Луве обвинил Робеспьера также в том, что он деспотически навязывал свою власть Якобинскому клубу. И это обвинение было успешно опровергнуто, ибо, как сказал Робеспьер, «речь идет о естественной власти принципов. Эта власть не принадлежит, однако, тому лицу, кто эти принципы излагает».
Затем Луве возложил на Робеспьера ответственность за действия революционной Коммуны, членом совета которой Робеспьер стал 10 августа после успешного штурма Тюильри. Робеспьер не снимает с себя этой ответственности, более того, он очень охотно берет ее на себя и подробно рассматривает деятельность Коммуны. Он даже признает, что действия Коммуны действительно незаконны, поскольку они революционны. И он заключает знаменитыми словами: «Все эти вещи незаконные, они так же незаконны, как революция, как свержение тирана и взятие Бастилии, как сама свобода». А к этому он еще страстно добавляет: «Граждане, неужели вам нужна была революция без революции?»
Тем самым по логике вещей следовало, что обвинения Луве являлись контрреволюционными!
Наконец, Луве предъявил Робеспьеру обвинение, что он несет ответственность за сентябрьские убийства в тюрьмах, поскольку Коммуна не остановила их. Робеспьер не оправдывает эти убийства, но показывает, что они были естественным продолжением штурма Тюильри 10 августа, что поэтому остановить народный порыв тогда было невозможно. И он завершает цитатой из газеты самого Луве, писавшего 2 сентября: «Хвала Генеральному совету Коммуны. Он приказал ударить в набат. Он спас отечество».
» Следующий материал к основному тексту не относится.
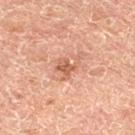Imaged during a routine full-body skin examination; the lesion was not biopsied and no histopathology is available.
A region of skin cropped from a whole-body photographic capture, roughly 15 mm wide.
The patient is a male approximately 65 years of age.
Longest diameter approximately 3.5 mm.
The lesion is located on the left lower leg.
The tile uses cross-polarized illumination.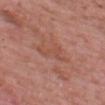{"patient": {"sex": "male", "age_approx": 65}, "image": {"source": "total-body photography crop", "field_of_view_mm": 15}, "site": "head or neck", "lighting": "white-light"}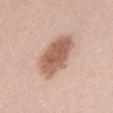biopsy status — catalogued during a skin exam; not biopsied | lighting — white-light | acquisition — total-body-photography crop, ~15 mm field of view | diameter — ≈6.5 mm | subject — male, roughly 25 years of age | site — the abdomen | image-analysis metrics — an automated nevus-likeness rating near 100 out of 100.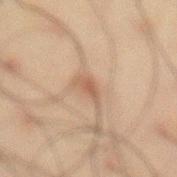| feature | finding |
|---|---|
| follow-up | catalogued during a skin exam; not biopsied |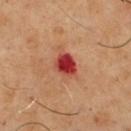Case summary:
– follow-up: total-body-photography surveillance lesion; no biopsy
– site: the chest
– imaging modality: ~15 mm crop, total-body skin-cancer survey
– subject: male, aged approximately 50
– illumination: cross-polarized
– automated metrics: a footprint of about 5.5 mm², an outline eccentricity of about 0.6 (0 = round, 1 = elongated), and two-axis asymmetry of about 0.2; an average lesion color of about L≈42 a*≈39 b*≈32 (CIELAB), roughly 17 lightness units darker than nearby skin, and a normalized lesion–skin contrast near 12.5; border irregularity of about 1.5 on a 0–10 scale, a within-lesion color-variation index near 4.5/10, and radial color variation of about 1.5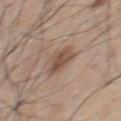| field | value |
|---|---|
| notes | imaged on a skin check; not biopsied |
| illumination | white-light |
| lesion diameter | ~3 mm (longest diameter) |
| patient | male, aged 63 to 67 |
| image | ~15 mm tile from a whole-body skin photo |
| anatomic site | the back |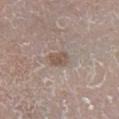follow-up = no biopsy performed (imaged during a skin exam)
tile lighting = white-light illumination
body site = the leg
patient = male, aged 58 to 62
lesion diameter = about 2.5 mm
automated metrics = an area of roughly 3.5 mm², a shape eccentricity near 0.75, and two-axis asymmetry of about 0.2; an automated nevus-likeness rating near 40 out of 100 and lesion-presence confidence of about 95/100
image = ~15 mm tile from a whole-body skin photo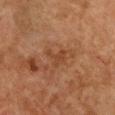Case summary:
• notes — imaged on a skin check; not biopsied
• imaging modality — ~15 mm tile from a whole-body skin photo
• site — the chest
• lighting — cross-polarized illumination
• patient — female, aged around 60
• lesion size — about 2.5 mm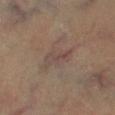Recorded during total-body skin imaging; not selected for excision or biopsy. A lesion tile, about 15 mm wide, cut from a 3D total-body photograph. Captured under cross-polarized illumination. Measured at roughly 4 mm in maximum diameter. A male patient aged approximately 60. Located on the right lower leg. An algorithmic analysis of the crop reported a lesion-to-skin contrast of about 5.5 (normalized; higher = more distinct).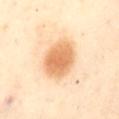Clinical impression:
Part of a total-body skin-imaging series; this lesion was reviewed on a skin check and was not flagged for biopsy.
Image and clinical context:
From the front of the torso. Approximately 5 mm at its widest. A female patient about 55 years old. This is a cross-polarized tile. A 15 mm close-up tile from a total-body photography series done for melanoma screening.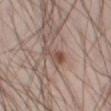{"biopsy_status": "not biopsied; imaged during a skin examination", "patient": {"sex": "male", "age_approx": 45}, "image": {"source": "total-body photography crop", "field_of_view_mm": 15}, "automated_metrics": {"cielab_L": 50, "cielab_a": 18, "cielab_b": 24, "vs_skin_darker_L": 9.0, "vs_skin_contrast_norm": 7.0, "nevus_likeness_0_100": 10, "lesion_detection_confidence_0_100": 100}, "site": "leg", "lesion_size": {"long_diameter_mm_approx": 3.0}}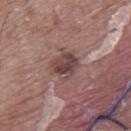  biopsy_status: not biopsied; imaged during a skin examination
  automated_metrics:
    border_irregularity_0_10: 2.0
    peripheral_color_asymmetry: 2.5
    nevus_likeness_0_100: 0
    lesion_detection_confidence_0_100: 100
  patient:
    sex: male
    age_approx: 70
  lesion_size:
    long_diameter_mm_approx: 4.0
  lighting: white-light
  site: mid back
  image:
    source: total-body photography crop
    field_of_view_mm: 15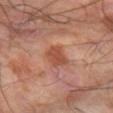Part of a total-body skin-imaging series; this lesion was reviewed on a skin check and was not flagged for biopsy. The recorded lesion diameter is about 3.5 mm. A male patient aged approximately 65. On the left forearm. This image is a 15 mm lesion crop taken from a total-body photograph.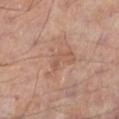A 15 mm close-up tile from a total-body photography series done for melanoma screening. The subject is a male in their mid- to late 50s. Located on the leg. About 3 mm across.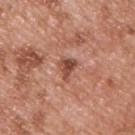Assessment: Captured during whole-body skin photography for melanoma surveillance; the lesion was not biopsied. Context: A male patient about 55 years old. Automated tile analysis of the lesion measured a lesion area of about 4 mm² and a symmetry-axis asymmetry near 0.5. It also reported a border-irregularity rating of about 4.5/10, a color-variation rating of about 5/10, and peripheral color asymmetry of about 2. It also reported a nevus-likeness score of about 0/100 and a detector confidence of about 100 out of 100 that the crop contains a lesion. A region of skin cropped from a whole-body photographic capture, roughly 15 mm wide. The lesion is located on the upper back. Approximately 3 mm at its widest. Captured under white-light illumination.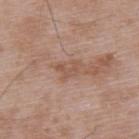Assessment:
No biopsy was performed on this lesion — it was imaged during a full skin examination and was not determined to be concerning.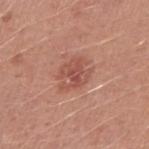{
  "biopsy_status": "not biopsied; imaged during a skin examination",
  "lighting": "white-light",
  "patient": {
    "sex": "male",
    "age_approx": 25
  },
  "lesion_size": {
    "long_diameter_mm_approx": 4.0
  },
  "automated_metrics": {
    "area_mm2_approx": 9.0,
    "eccentricity": 0.6,
    "cielab_L": 52,
    "cielab_a": 26,
    "cielab_b": 28,
    "vs_skin_darker_L": 9.0,
    "vs_skin_contrast_norm": 6.0,
    "nevus_likeness_0_100": 5
  },
  "image": {
    "source": "total-body photography crop",
    "field_of_view_mm": 15
  },
  "site": "right upper arm"
}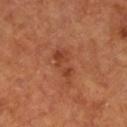Q: Is there a histopathology result?
A: imaged on a skin check; not biopsied
Q: What lighting was used for the tile?
A: cross-polarized
Q: Where on the body is the lesion?
A: the leg
Q: What is the imaging modality?
A: ~15 mm tile from a whole-body skin photo
Q: Patient demographics?
A: male, aged around 65
Q: Lesion size?
A: ≈4 mm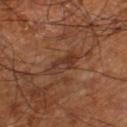workup=catalogued during a skin exam; not biopsied
lesion size=≈4.5 mm
image source=15 mm crop, total-body photography
tile lighting=cross-polarized illumination
patient=aged approximately 65
location=the leg

Вот так, пункт за пунктом, Робеспьер успешно опроверг все обвинения жирондистов. Он сделал больше, ибо не воспользовался своим успехом для мстительного торжества, а великодушно и мудро предложил в заключение примирение!
«Если это возможно, — сказал он, предадим эти презренные уловки вечному забвению. Постараемся скрыть от взоров потомства те бесславные дни нашей истории, когда представители народа, введенные в заблуждение подлыми интригами, казалось, забыли о том великом поприще, на которое они были призваны. Что до меня, то я воздержусь от каких-либо личных заявлений… Я отказываюсь от законного мщения, которого я мог бы добиваться в отношении моих клеветников. Лучшим отмщением для меня будет восстановление мира и торжество свободы».